BEGIN DATA PROVIDED
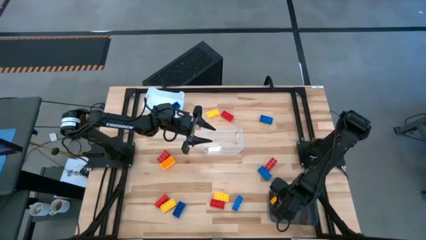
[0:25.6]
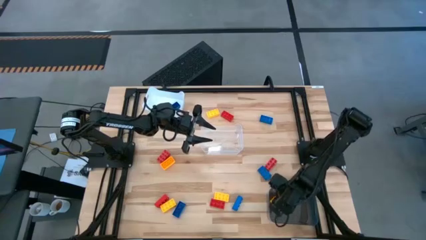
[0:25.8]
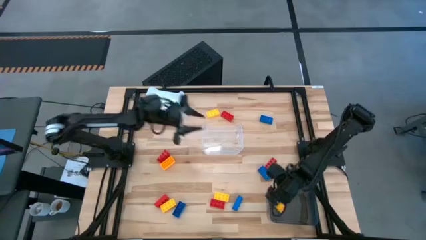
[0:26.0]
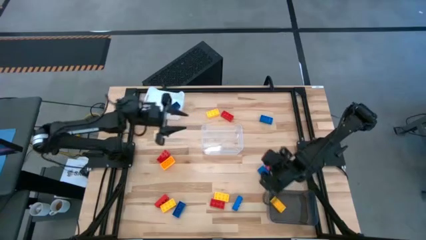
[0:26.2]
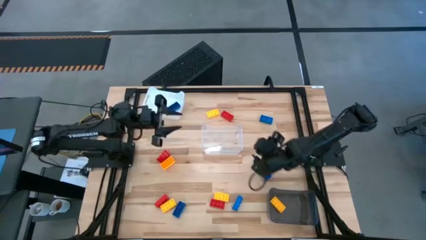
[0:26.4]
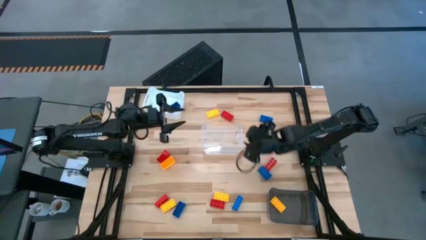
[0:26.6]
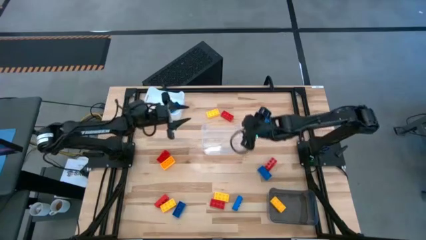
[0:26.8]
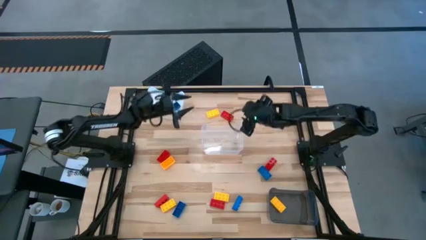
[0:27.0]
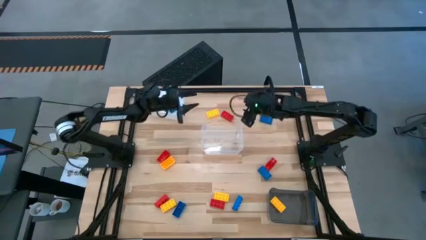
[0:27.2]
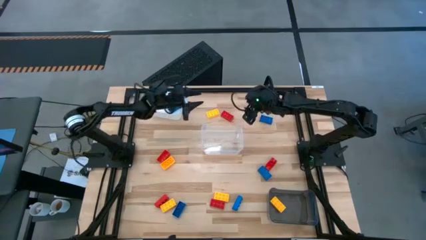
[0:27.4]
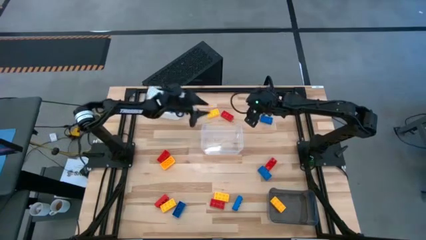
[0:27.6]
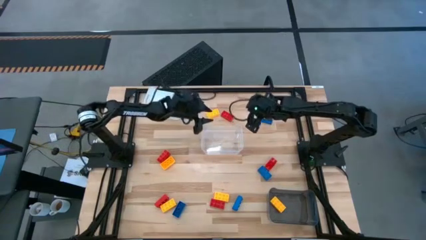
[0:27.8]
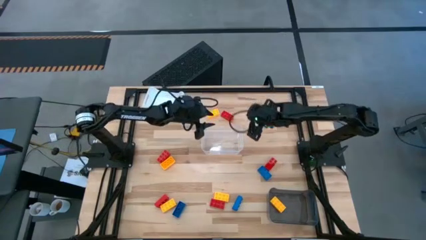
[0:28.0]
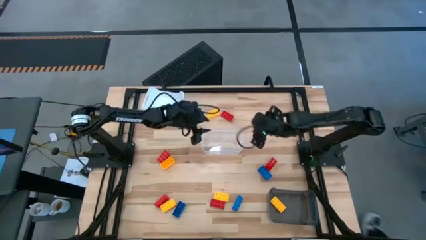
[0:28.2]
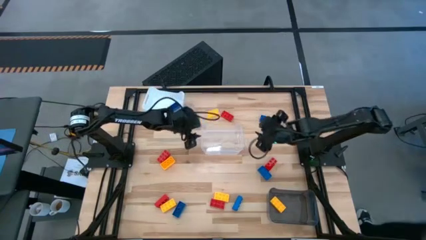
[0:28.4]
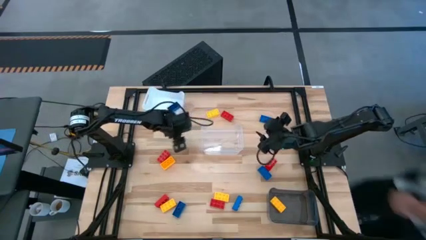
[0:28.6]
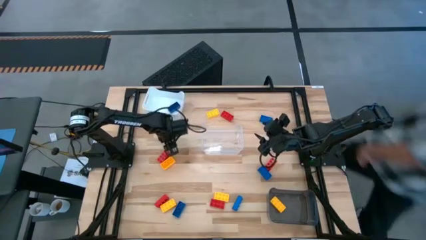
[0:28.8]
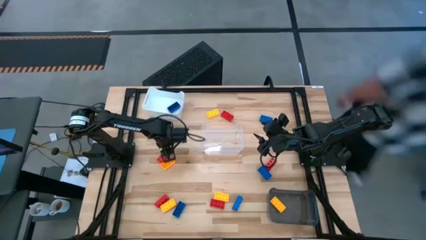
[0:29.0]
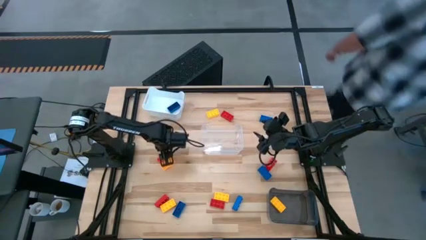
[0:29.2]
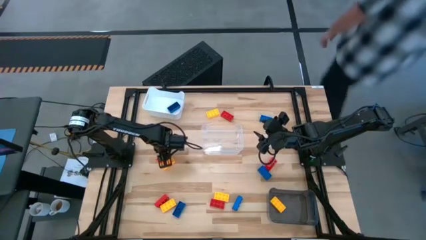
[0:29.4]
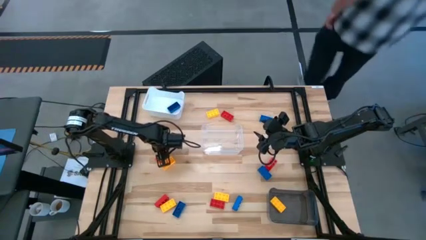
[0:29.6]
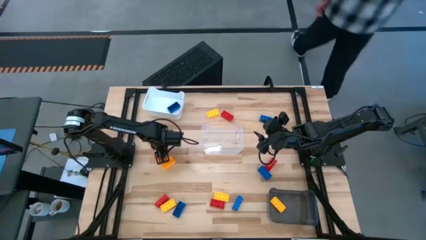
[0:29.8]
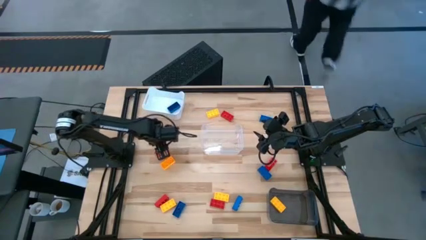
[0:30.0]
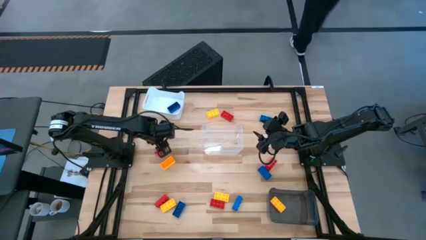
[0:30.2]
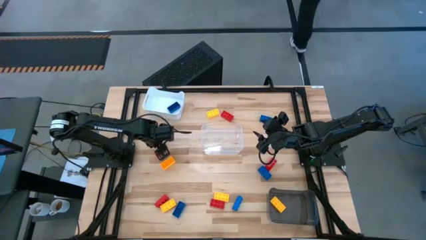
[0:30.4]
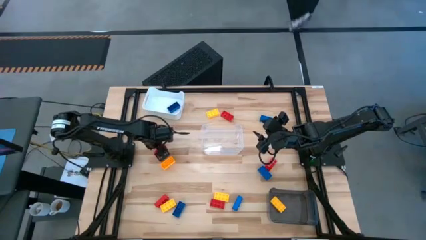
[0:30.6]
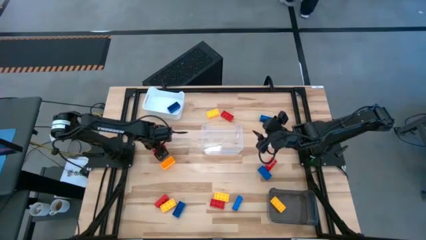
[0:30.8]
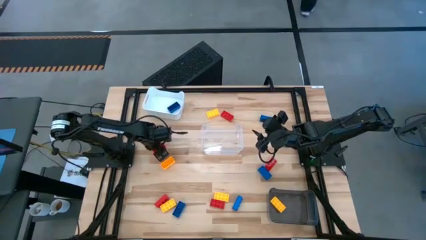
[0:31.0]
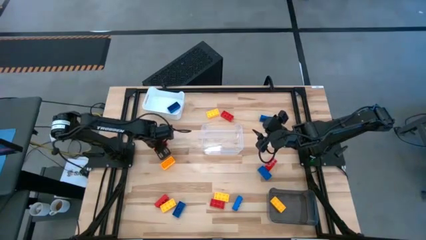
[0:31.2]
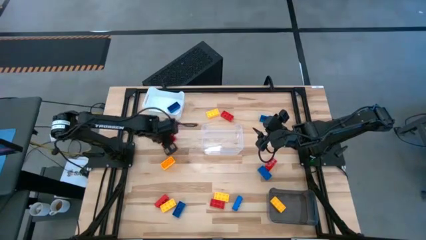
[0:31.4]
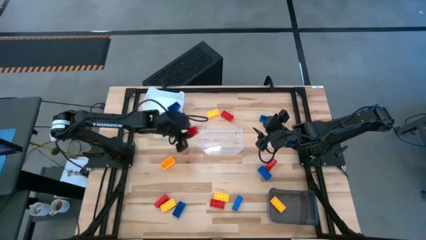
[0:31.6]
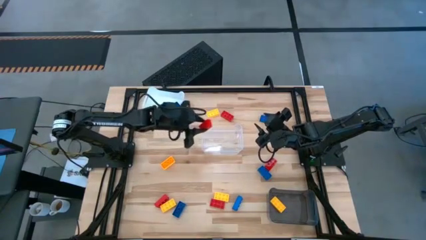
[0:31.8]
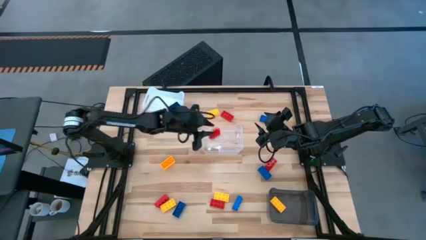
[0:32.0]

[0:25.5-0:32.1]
Task: Sort & place blocks by color
Put the red game piece into the transparent bin
END DATA PROVIDED
### PROBLEM TO WORK ON
Print the listing verbatim, images excluded.

### ANSWER FOR THE TASK
[0:25.6]
[0:25.8]
[0:26.0]
[0:26.2]
[0:26.4]
[0:26.6]
[0:26.8]
[0:27.0]
[0:27.2]
[0:27.4]
[0:27.6]
[0:27.8]
[0:28.0]
[0:28.2]
[0:28.4]
[0:28.6]
[0:28.8]
[0:29.0]
[0:29.2]
[0:29.4]
[0:29.6]
[0:29.8]
[0:30.0]
[0:30.2]
[0:30.4]
[0:30.6]
[0:30.8]
[0:31.0]
[0:31.2]
[0:31.4]
[0:31.6]
[0:31.8]
[0:32.0]

[0:25.5-0:32.1]
Task: Sort & place blocks by color
Put the red game piece into the transparent bin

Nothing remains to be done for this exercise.